Records provided:
* * *

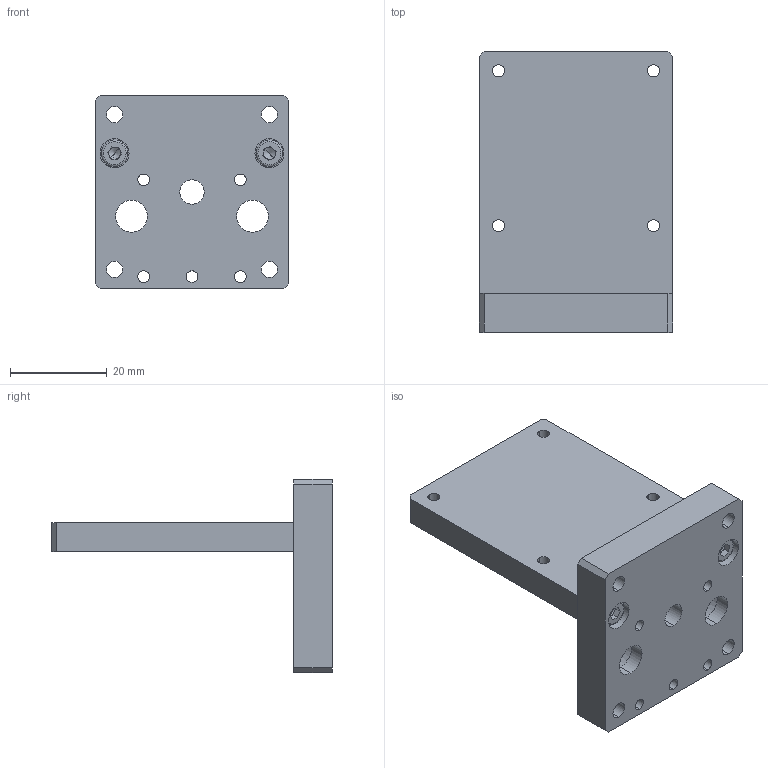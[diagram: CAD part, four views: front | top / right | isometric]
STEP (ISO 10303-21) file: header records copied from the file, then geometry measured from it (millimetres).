
FILE_DESCRIPTION (( 'STEP AP203' ), '1' );
FILE_NAME ('PHOB-S40.step', '2019-05-08T10:23:22', ( '' ), ( '' ), 'SwSTEP 2.0', 'SolidWorks 2017', '' );
FILE_SCHEMA (( 'CONFIG_CONTROL_DESIGN' ));
Length unit declared in the file: millimetre
Products named in the file (1): PHOB-S40
Bounding box: 40 x 58 x 40 mm (x, y, z)
Surface area: 10721.6 mm2 (no closed solid volume)
Topology: 0 solids, 8 shells, 129 faces, 599 edges, 478 vertices
Faces by surface type: plane 63, cylinder 58, torus 4, cone 4
Entity records: 6173 total; most frequent: CARTESIAN_POINT 1203, DIRECTION 1003, ORIENTED_EDGE 862, EDGE_CURVE 595, VERTEX_POINT 478, LINE 447, VECTOR 447, AXIS2_PLACEMENT_3D 278
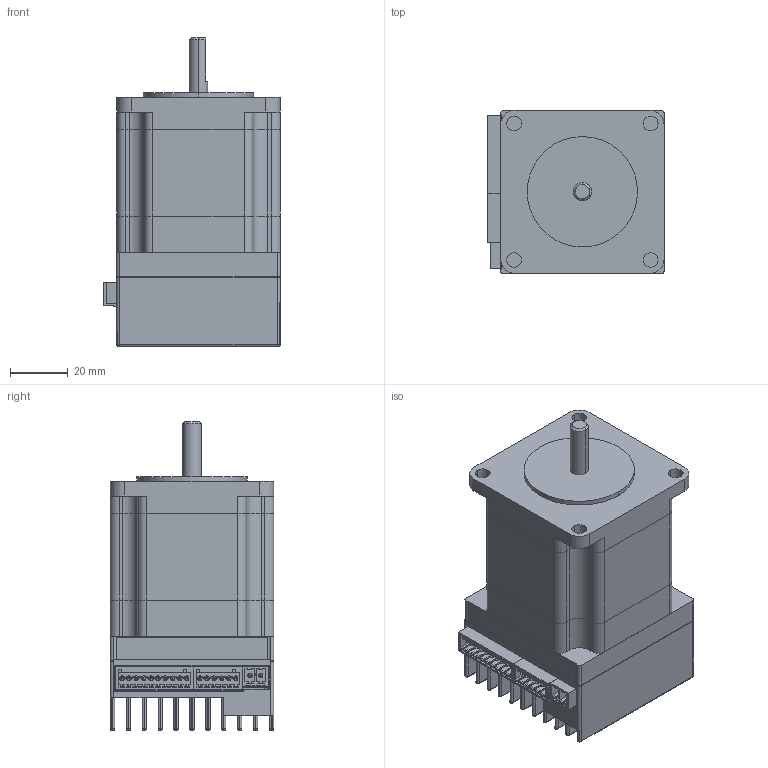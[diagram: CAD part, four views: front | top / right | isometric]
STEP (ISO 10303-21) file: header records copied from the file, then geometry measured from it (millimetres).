
FILE_DESCRIPTION (( 'STEP AP203' ), '1' );
FILE_NAME ('stepIM_IST-23S12CO10.STEP', '2015-05-10T21:37:45', ( '' ), ( '' ), 'SwSTEP 2.0', 'SolidWorks 2013', '' );
FILE_SCHEMA (( 'CONFIG_CONTROL_DESIGN' ));
Length unit declared in the file: millimetre
Products named in the file (1): stepIM_IST-23S12CO10
Bounding box: 60.8 x 56.4 x 106.6 mm (x, y, z)
Volume: 193430.8 mm3; surface area: 74458.1 mm2
Topology: 15 solids, 16 shells, 1850 faces, 4687 edges, 3018 vertices
Faces by surface type: plane 1170, cylinder 586, torus 72, cone 20, bspline 2
Entity records: 55520 total; most frequent: DIRECTION 9689, CARTESIAN_POINT 9687, ORIENTED_EDGE 9366, EDGE_CURVE 4683, VECTOR 3333, LINE 3333, AXIS2_PLACEMENT_3D 3178, VERTEX_POINT 3018
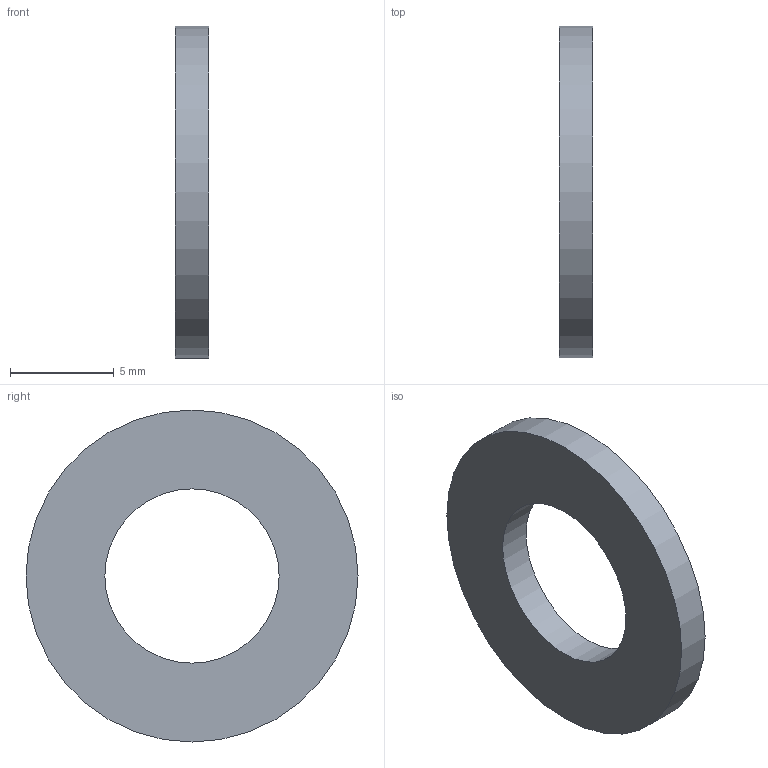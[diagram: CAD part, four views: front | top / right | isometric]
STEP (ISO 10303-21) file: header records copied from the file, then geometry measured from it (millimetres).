
FILE_DESCRIPTION( ( 'STEP AP214' ), '1' );
FILE_NAME( 'HPC_-_SHW-8_B_2_14b.stp', ' ', ( ' ' ), ( ' ' ), 'PSStep 15.0.47', 'PARTsolutions', ' ' );
FILE_SCHEMA( ( 'AUTOMOTIVE_DESIGN { 1 0 10303 214 1 1 1 1 }' ) );
Length unit declared in the file: millimetre
Products named in the file (1): _HPC - SHW-8/B
Bounding box: 1.6 x 16 x 16 mm (x, y, z)
Volume: 232.7 mm3; surface area: 415.6 mm2
Topology: 1 solids, 1 shells, 34 faces, 84 edges, 56 vertices
Faces by surface type: plane 28, cylinder 6
Full cylindrical faces by diameter (mm): 8.4 x1, 16 x1
Entity records: 1282 total; most frequent: CARTESIAN_POINT 173, DIRECTION 164, ORIENTED_EDGE 164, EDGE_CURVE 82, LINE 70, VECTOR 70, VERTEX_POINT 56, AXIS2_PLACEMENT_3D 47
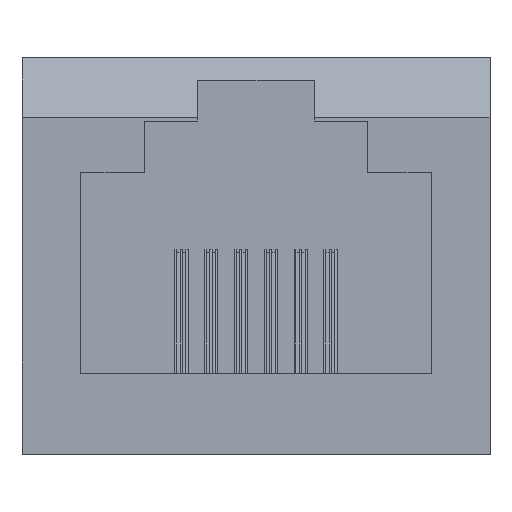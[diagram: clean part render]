
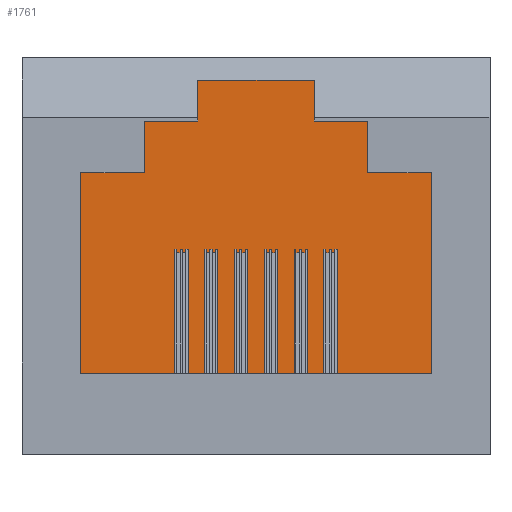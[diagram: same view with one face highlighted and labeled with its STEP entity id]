
A CAD part, front view. The second image highlights one B-rep face of the part: STEP entity #1761.
In plain terms, the highlighted face is planar.
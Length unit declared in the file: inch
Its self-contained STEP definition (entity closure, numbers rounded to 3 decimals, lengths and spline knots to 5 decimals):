
#66 = VERTEX_POINT ( 'NONE', #1959 ) ;
#119 = VERTEX_POINT ( 'NONE', #2058 ) ;
#120 = EDGE_CURVE ( 'NONE', #119, #66, #2057, .T. ) ;
#353 = VERTEX_POINT ( 'NONE', #4831 ) ;
#357 = VERTEX_POINT ( 'NONE', #4825 ) ;
#470 = EDGE_CURVE ( 'NONE', #357, #471, #2432, .T. ) ;
#471 = VERTEX_POINT ( 'NONE', #2428 ) ;
#491 = EDGE_CURVE ( 'NONE', #499, #570, #2520, .T. ) ;
#494 = VERTEX_POINT ( 'NONE', #2522 ) ;
#499 = VERTEX_POINT ( 'NONE', #2475 ) ;
#507 = EDGE_CURVE ( 'NONE', #471, #353, #2503, .T. ) ;
#515 = EDGE_CURVE ( 'NONE', #494, #584, #2531, .T. ) ;
#516 = EDGE_CURVE ( 'NONE', #353, #494, #2508, .T. ) ;
#533 = EDGE_CURVE ( 'NONE', #600, #614, #2598, .T. ) ;
#542 = VERTEX_POINT ( 'NONE', #2569 ) ;
#548 = EDGE_CURVE ( 'NONE', #584, #499, #2549, .T. ) ;
#567 = EDGE_CURVE ( 'NONE', #570, #542, #2603, .T. ) ;
#570 = VERTEX_POINT ( 'NONE', #2574 ) ;
#584 = VERTEX_POINT ( 'NONE', #2579 ) ;
#596 = EDGE_CURVE ( 'NONE', #542, #119, #2561, .T. ) ;
#600 = VERTEX_POINT ( 'NONE', #2684 ) ;
#614 = VERTEX_POINT ( 'NONE', #2652 ) ;
#761 = EDGE_CURVE ( 'NONE', #614, #357, #2877, .T. ) ;
#815 = EDGE_CURVE ( 'NONE', #66, #600, #2943, .T. ) ;
#1761 = ADVANCED_FACE ( 'NONE', ( #4314 ), #4312, .T. ) ;
#1762 = ORIENTED_EDGE ( 'NONE', *, *, #507, .F. ) ;
#1763 = ORIENTED_EDGE ( 'NONE', *, *, #533, .F. ) ;
#1764 = ORIENTED_EDGE ( 'NONE', *, *, #596, .F. ) ;
#1784 = ORIENTED_EDGE ( 'NONE', *, *, #548, .F. ) ;
#1785 = ORIENTED_EDGE ( 'NONE', *, *, #120, .F. ) ;
#1787 = ORIENTED_EDGE ( 'NONE', *, *, #815, .F. ) ;
#1788 = ORIENTED_EDGE ( 'NONE', *, *, #470, .F. ) ;
#1791 = EDGE_LOOP ( 'NONE', ( #1762, #1788, #1834, #1763, #1787, #1785, #1764, #1792, #1793, #1784, #1827, #1847 ) ) ;
#1792 = ORIENTED_EDGE ( 'NONE', *, *, #567, .F. ) ;
#1793 = ORIENTED_EDGE ( 'NONE', *, *, #491, .F. ) ;
#1827 = ORIENTED_EDGE ( 'NONE', *, *, #515, .F. ) ;
#1834 = ORIENTED_EDGE ( 'NONE', *, *, #761, .F. ) ;
#1847 = ORIENTED_EDGE ( 'NONE', *, *, #516, .F. ) ;
#1959 = CARTESIAN_POINT ( 'NONE',  ( -0.235, -0.305, -0.012 ) ) ;
#2057 = LINE ( 'NONE', #2101, #2100 ) ;
#2058 = CARTESIAN_POINT ( 'NONE',  ( 0.235, -0.305, -0.012 ) ) ;
#2099 = DIRECTION ( 'NONE',  ( -1., 0., 0. ) ) ;
#2100 = VECTOR ( 'NONE', #2099, 39.37008 ) ;
#2101 = CARTESIAN_POINT ( 'NONE',  ( 0.235, -0.305, -0.012 ) ) ;
#2428 = CARTESIAN_POINT ( 'NONE',  ( -0.078, -0.305, -0.351 ) ) ;
#2429 = DIRECTION ( 'NONE',  ( 1., 0., 0. ) ) ;
#2430 = VECTOR ( 'NONE', #2429, 39.37008 ) ;
#2431 = CARTESIAN_POINT ( 'NONE',  ( -0.078, -0.305, -0.351 ) ) ;
#2432 = LINE ( 'NONE', #2431, #2430 ) ;
#2475 = CARTESIAN_POINT ( 'NONE',  ( 0.15, -0.305, -0.351 ) ) ;
#2478 = VECTOR ( 'NONE', #2501, 39.37008 ) ;
#2490 = DIRECTION ( 'NONE',  ( 1., 0., 0. ) ) ;
#2491 = VECTOR ( 'NONE', #2490, 39.37008 ) ;
#2493 = DIRECTION ( 'NONE',  ( 0., 0., 1. ) ) ;
#2494 = VECTOR ( 'NONE', #2493, 39.37008 ) ;
#2501 = DIRECTION ( 'NONE',  ( 0., 0., -1. ) ) ;
#2502 = CARTESIAN_POINT ( 'NONE',  ( -0.078, -0.305, -0.406 ) ) ;
#2503 = LINE ( 'NONE', #2502, #2478 ) ;
#2507 = CARTESIAN_POINT ( 'NONE',  ( -0.078, -0.305, -0.406 ) ) ;
#2508 = LINE ( 'NONE', #2507, #2491 ) ;
#2520 = LINE ( 'NONE', #2521, #2494 ) ;
#2521 = CARTESIAN_POINT ( 'NONE',  ( 0.15, -0.305, -0.351 ) ) ;
#2522 = CARTESIAN_POINT ( 'NONE',  ( 0.078, -0.305, -0.406 ) ) ;
#2525 = DIRECTION ( 'NONE',  ( 0., 0., 1. ) ) ;
#2526 = VECTOR ( 'NONE', #2525, 39.37008 ) ;
#2527 = CARTESIAN_POINT ( 'NONE',  ( 0.078, -0.305, -0.406 ) ) ;
#2531 = LINE ( 'NONE', #2527, #2526 ) ;
#2546 = DIRECTION ( 'NONE',  ( 1., 0., 0. ) ) ;
#2547 = VECTOR ( 'NONE', #2546, 39.37008 ) ;
#2548 = CARTESIAN_POINT ( 'NONE',  ( 0.078, -0.305, -0.351 ) ) ;
#2549 = LINE ( 'NONE', #2548, #2547 ) ;
#2550 = VECTOR ( 'NONE', #2634, 39.37008 ) ;
#2551 = CARTESIAN_POINT ( 'NONE',  ( 0.15, -0.305, -0.282 ) ) ;
#2555 = DIRECTION ( 'NONE',  ( 1., 0., 0. ) ) ;
#2558 = DIRECTION ( 'NONE',  ( 0., 0., 1. ) ) ;
#2559 = VECTOR ( 'NONE', #2558, 39.37008 ) ;
#2560 = CARTESIAN_POINT ( 'NONE',  ( 0.235, -0.305, -0.282 ) ) ;
#2561 = LINE ( 'NONE', #2560, #2559 ) ;
#2569 = CARTESIAN_POINT ( 'NONE',  ( 0.235, -0.305, -0.282 ) ) ;
#2574 = CARTESIAN_POINT ( 'NONE',  ( 0.15, -0.305, -0.282 ) ) ;
#2579 = CARTESIAN_POINT ( 'NONE',  ( 0.078, -0.305, -0.351 ) ) ;
#2586 = VECTOR ( 'NONE', #2555, 39.37008 ) ;
#2597 = CARTESIAN_POINT ( 'NONE',  ( -0.15, -0.305, -0.282 ) ) ;
#2598 = LINE ( 'NONE', #2597, #2586 ) ;
#2603 = LINE ( 'NONE', #2551, #2550 ) ;
#2634 = DIRECTION ( 'NONE',  ( 1., 0., 0. ) ) ;
#2652 = CARTESIAN_POINT ( 'NONE',  ( -0.15, -0.305, -0.282 ) ) ;
#2684 = CARTESIAN_POINT ( 'NONE',  ( -0.235, -0.305, -0.282 ) ) ;
#2874 = DIRECTION ( 'NONE',  ( 0., 0., -1. ) ) ;
#2875 = VECTOR ( 'NONE', #2874, 39.37008 ) ;
#2876 = CARTESIAN_POINT ( 'NONE',  ( -0.15, -0.305, -0.351 ) ) ;
#2877 = LINE ( 'NONE', #2876, #2875 ) ;
#2940 = DIRECTION ( 'NONE',  ( 0., 0., -1. ) ) ;
#2941 = VECTOR ( 'NONE', #2940, 39.37008 ) ;
#2942 = CARTESIAN_POINT ( 'NONE',  ( -0.235, -0.305, -0.282 ) ) ;
#2943 = LINE ( 'NONE', #2942, #2941 ) ;
#4174 = CARTESIAN_POINT ( 'NONE',  ( 0.314, -0.305, 0.096 ) ) ;
#4311 = AXIS2_PLACEMENT_3D ( 'NONE', #4174, #4535, #4417 ) ;
#4312 = PLANE ( 'NONE',  #4311 ) ;
#4314 = FACE_OUTER_BOUND ( 'NONE', #1791, .T. ) ;
#4417 = DIRECTION ( 'NONE',  ( 0., 0., 1. ) ) ;
#4535 = DIRECTION ( 'NONE',  ( 0., 1., 0. ) ) ;
#4825 = CARTESIAN_POINT ( 'NONE',  ( -0.15, -0.305, -0.351 ) ) ;
#4831 = CARTESIAN_POINT ( 'NONE',  ( -0.078, -0.305, -0.406 ) ) ;
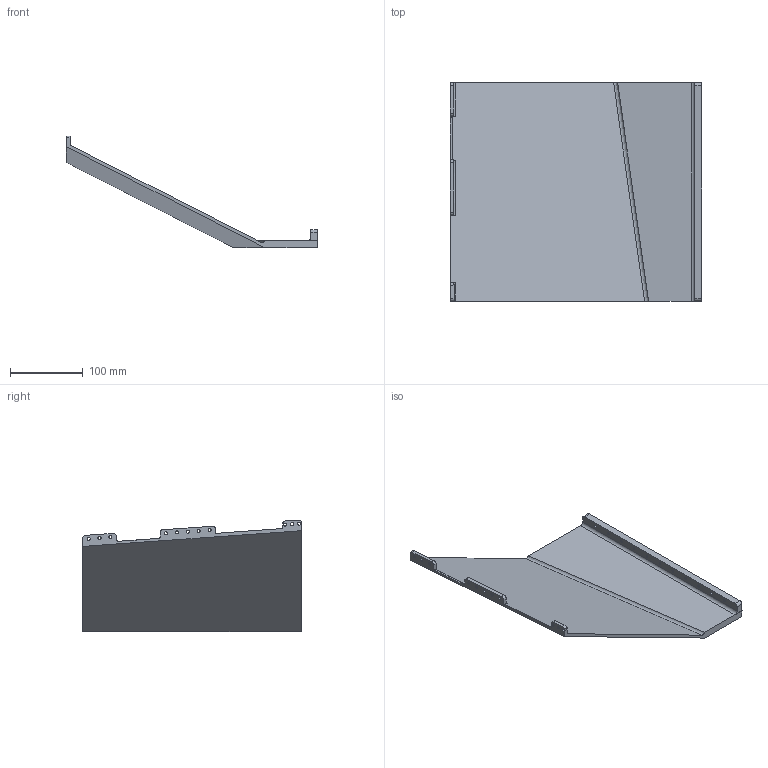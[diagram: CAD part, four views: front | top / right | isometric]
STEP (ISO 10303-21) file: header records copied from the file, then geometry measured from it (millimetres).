
FILE_DESCRIPTION( ( 'Unknown' ), '1' );
FILE_NAME( '左侧板（S3.8.11398）.stp', 'Unknown', ( 'Unknown' ), ( 'Unknown' ), 'XStep 1.0', 'Unknown', ' ' );
FILE_SCHEMA( ( 'automotive_design' ) );
Length unit declared in the file: millimetre
Products named in the file (1): 1
Bounding box: 344.43 x 299.66 x 153.58 mm (x, y, z)
Volume: 693083.9 mm3; surface area: 249337.7 mm2
Topology: 1 solids, 1 shells, 87 faces, 244 edges, 170 vertices
Faces by surface type: cylinder 45, plane 35, bspline 7
Full cylindrical faces by diameter (mm): 3.242 x22, 4.2 x11
Entity records: 3785 total; most frequent: CARTESIAN_POINT 1004, DIRECTION 405, ORIENTED_EDGE 378, EDGE_CURVE 189, EDGE_LOOP 175, AXIS2_PLACEMENT_3D 168, VERTEX_POINT 148, FACE_OUTER_BOUND 120
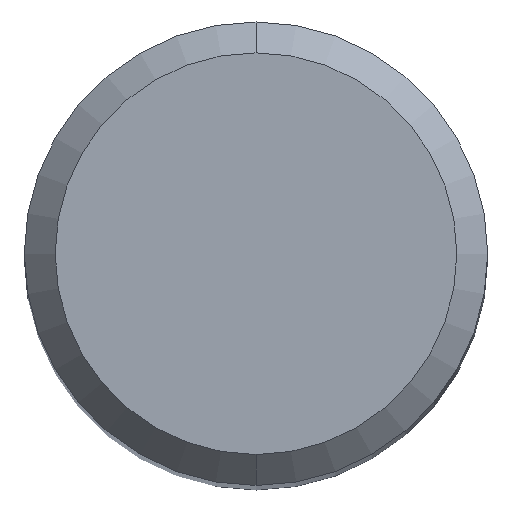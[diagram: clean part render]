
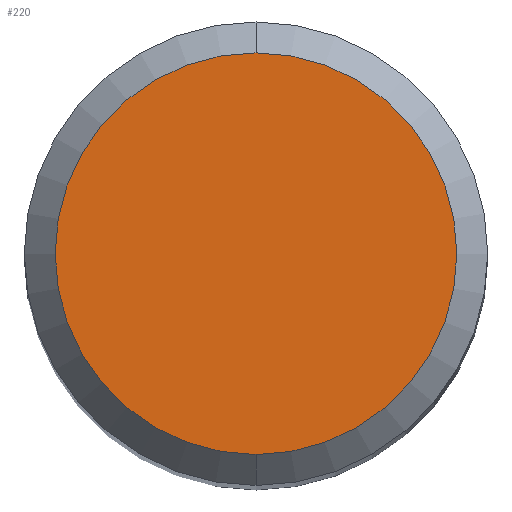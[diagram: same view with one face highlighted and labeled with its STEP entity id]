
A CAD part, top view. The second image highlights one B-rep face of the part: STEP entity #220.
In plain terms, the highlighted planar face has unit normal (0, 0, 1).
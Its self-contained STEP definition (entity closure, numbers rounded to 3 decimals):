
#110=EDGE_CURVE('',#184,#242,#276,.T.);
#138=EDGE_CURVE('',#242,#184,#308,.T.);
#184=VERTEX_POINT('',#360);
#220=ADVANCED_FACE('',(#400),#401,.T.);
#242=VERTEX_POINT('',#425);
#276=CIRCLE('',#454,2.6);
#308=CIRCLE('',#499,2.6);
#360=CARTESIAN_POINT('',(0.0,2.6,0.0));
#400=FACE_OUTER_BOUND('',#610,.T.);
#401=PLANE('',#611);
#425=CARTESIAN_POINT('',(0.,-2.6,0.0));
#454=AXIS2_PLACEMENT_3D('',#664,#665,#666);
#499=AXIS2_PLACEMENT_3D('',#709,#710,#711);
#610=EDGE_LOOP('',(#826,#827));
#611=AXIS2_PLACEMENT_3D('',#828,#829,#830);
#664=CARTESIAN_POINT('',(0.0,0.0,0.0));
#665=DIRECTION('',(0.0,0.0,-1.0));
#666=DIRECTION('',(0.0,1.0,0.0));
#709=CARTESIAN_POINT('',(0.0,0.0,0.0));
#710=DIRECTION('',(0.0,0.0,-1.0));
#711=DIRECTION('',(0.0,1.0,0.0));
#826=ORIENTED_EDGE('',*,*,#110,.F.);
#827=ORIENTED_EDGE('',*,*,#138,.F.);
#828=CARTESIAN_POINT('',(0.0,1.3,0.0));
#829=DIRECTION('',(-0.0,0.0,1.0));
#830=DIRECTION('',(0.0,-1.0,0.0));

* * *

After dropping the pictures, please set down the lines from the beginning of the listing through the line containing "Faces by surface type: plane 63, cylinder", both included, exactly as they stand.

[diagram: CAD part, four views: front | top / right | isometric]
STEP (ISO 10303-21) file: header records copied from the file, then geometry measured from it (millimetres).
FILE_DESCRIPTION (( 'STEP AP203' ), '1' );
FILE_NAME ('PHOB-S40.step', '2019-05-08T10:23:22', ( '' ), ( '' ), 'SwSTEP 2.0', 'SolidWorks 2017', '' );
FILE_SCHEMA (( 'CONFIG_CONTROL_DESIGN' ));
Length unit declared in the file: millimetre
Products named in the file (1): PHOB-S40
Bounding box: 40 x 58 x 40 mm (x, y, z)
Surface area: 10721.6 mm2 (no closed solid volume)
Topology: 0 solids, 8 shells, 129 faces, 599 edges, 478 vertices
Faces by surface type: plane 63, cylinder 58, torus 4, cone 4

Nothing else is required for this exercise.